BenchmarkTools.Trial:
samples: 367
evals/sample: 1
time tolerance: 5.00%
memory tolerance: 1.00%
memory estimate: 16.00 bytes
allocs estimate: 1
minimum time: 12.13 ms (0.00% GC)
median time: 13.39 ms (0.00% GC)
mean time: 13.62 ms (0.00% GC)
maximum time: 19.61 ms (0.00% GC)
--- baseline ---
BenchmarkTools.Trial:
samples: 5004
evals/sample: 1
time tolerance: 5.00%
memory tolerance: 1.00%
memory estimate: 16.00 bytes
allocs estimate: 1
minimum time: 860.65 μs (0.00% GC)
median time: 953.10 μs (0.00% GC)
mean time: 997.09 μs (0.00% GC)
maximum time: 2.83 ms (0.00% GC)
This benchmark calls Bio.Seq.inbound_getindex
for each element in the loop. So, I guess the problem is in the optimization of this function. The generated machine code on Julia 0.5 looks much more complicated than that of Julia 0.4.
Julia 0.4.6:
julia> using Bio.Seq
julia> @code_native Bio.Seq.inbounds_getindex(randdnaseq(4), 1)

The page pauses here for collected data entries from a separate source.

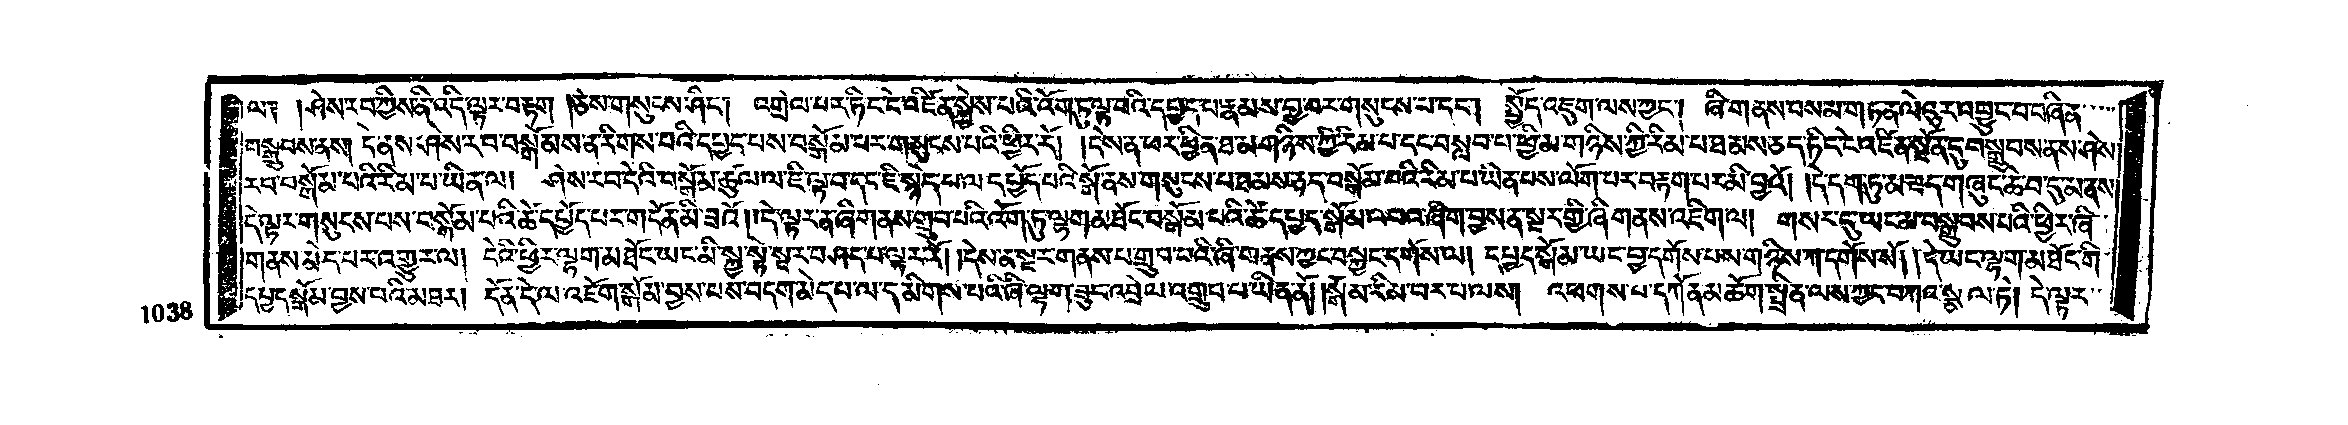ལ༑ ༑ཤེས་རབ་ཀྱིས་ནི་འདི་ལྟར་བརྟག །ཅེས་གསུངས་ཤིང་། འགྲེལ་པར་ཏིང་ངེ་འཛིན་སྐྱེས་པའི་འོག་ཏུ་ལྟ་བའི་དཔྱད་པ་རྣམས་བྱ་བར་གསུངས་པ་དང་། སྤྱོད་འཇུག་ལས་ཀྱང་། ཞི་གནས་བསམ་གཏན་ལེའུར་འབྱུང་བ་བཞིན་
བསྒྲུབས་ནས། དེ་ནས་ཤེས་རབ་བསྒོམ་པ་ན་རིགས་པའི་དཔྱད་པས་བསྒོམ་པར་གསུངས་པའི་ཕྱིར་རོ། །དེས་ན་ཕར་ཕྱིན་ཐ་མ་གཉིས་ཀྱི་རིམ་པ་དང་བསླབ་པ་ཕྱི་མ་གཉིས་ཀྱི་རིམ་པ་ཐམས་ཅད་ཏིང་ངེ་འཛིན་སྔོན་དུ་བསྒྲུབས་ནས་ཤེས་
རབ་བསྒོམ་པའི་རིམ་པ་ཡིན་ལ། ཤེས་རབ་དེའི་བསྒོམ་ཚུལ་ལ་ཇི་ལྟ་བ་དང་ཇི་སྙེད་པ་ལ་དཔྱོད་པའི་སྒོ་ནས་གསུངས་པ་ཐམས་ཅད་བསྒོམ་པའི་རིམ་པ་ཡིན་པས་ལོག་པར་བརྟག་པར་མི་བྱའོ། །དེ་དག་ཏུ་མ་ཟད་གཞུང་ཆེ་བ་དུ་མ་ནས་
དེ་ལྟར་གསུངས་པས་བསྒོམ་པའི་ཚེ་དཔྱོད་པར་གདོན་མི་ཟའོ། །དེ་ལྟར་ན་ཞི་གནས་གྲུབ་པའི་འོག་ཏུ་ལྷག་མཐོང་བསྒོམ་པའི་ཚེ་དཔྱད་སྒོམ་འབའ་ཞིག་བྱས་ན་སྔར་གྱི་ཞི་གནས་འཇིག་ལ། གསར་དུ་ཡང་མ་བསྒྲུབས་པའི་ཕྱིར་ཞི་
གནས་མེད་པར་འགྱུར་ལ། དེའི་ཕྱིར་ལྷག་མཐོང་ཡང་མི་སྐྱེ་སྟེ་སྔར་བཤད་པ་ལྟར་རོ། །དེས་ན་སྔར་གནས་པ་གྲུབ་པའི་ཞི་གནས་ཀྱང་བསྐྱང་དགོས་ལ། དཔྱད་སྒོམ་ཡང་བྱ་དགོས་པས་གཉིས་ཀ་དགོས་སོ། །དེ་ཡང་ལྷག་མཐོང་གི་
དཔྱད་སྒོམ་བྱས་པའི་མཐར། དོན་དེ་ལ་འཇོག་སྒོམ་བྱས་པས་བདག་མེད་པ་ལ་དམིགས་པའི་ཞི་ལྷག་ཟུང་འབྲེལ་འགྲུབ་པ་ཡིན་ནོ། །སྒོམ་རིམ་པར་པ་ལས། འཕགས་པ་དཀོན་མཆོག་སྤྲིན་ལས་ཀྱང་བཀའ་སྩལ་ཏེ། དེ་ལྟར་

.section __TEXT,__text,regular,pure_instructions
Filename: /Users/kenta/.julia/v0.4/Bio/src/seq/bioseq.jl
Source line: 307
pushq %rbp
movq %rsp, %rbp
Source line: 307
addq 8(%rdi), %rsi
leaq -8(,%rsi,4), %rcx
Source line: 308
movq %rcx, %rax
sarq $6, %rax
movq (%rdi), %rdx
movq (%rdx), %rdx
movq (%rdx,%rax,8), %rax
andb $60, %cl
shrq %cl, %rax
andb $15, %al
popq %rbp
ret
Julia 0.5 RC2:
julia> using Bio.Seq
WARNING: Method definition require(Symbol) in module Base at loading.jl:317 overwritten in module Main at /Users/kenta/.julia/v0.5/Requires/src/require.jl:12.
julia> @code_native Bio.Seq.inbounds_getindex(randdnaseq(4), 1)
.section __TEXT,__text,regular,pure_instructions
Filename: bioseq.jl
pushq %rbp
movq %rsp, %rbp
pushq %r15
pushq %r14
pushq %r12
pushq %rbx
subq $32, %rsp
movq %rsi, %rbx
movq %rdi, %r12
movabsq $4368469648, %r14 ## imm = 0x104618E90
movabsq $jl_get_ptls_states_fast, %rax
callq *%rax
movq %rax, %r15
movq $0, -40(%rbp)
movq $2, -56(%rbp)
movq (%r15), %rax
movq %rax, -48(%rbp)
leaq -56(%rbp), %rax
movq %rax, (%r15)
Source line: 301
addq 8(%r12), %rbx
Source line: 186
leaq -8(,%rbx,4), %rax
Source line: 305
movq %rax, -64(%rbp)
Source line: 306
movabsq $index, %rax
leaq -64(%rbp), %rdi
callq *%rax
movq (%r12), %rdx
I may still need to narrow down the problem and create a smaller reproducible case. If you need it, I will try it later.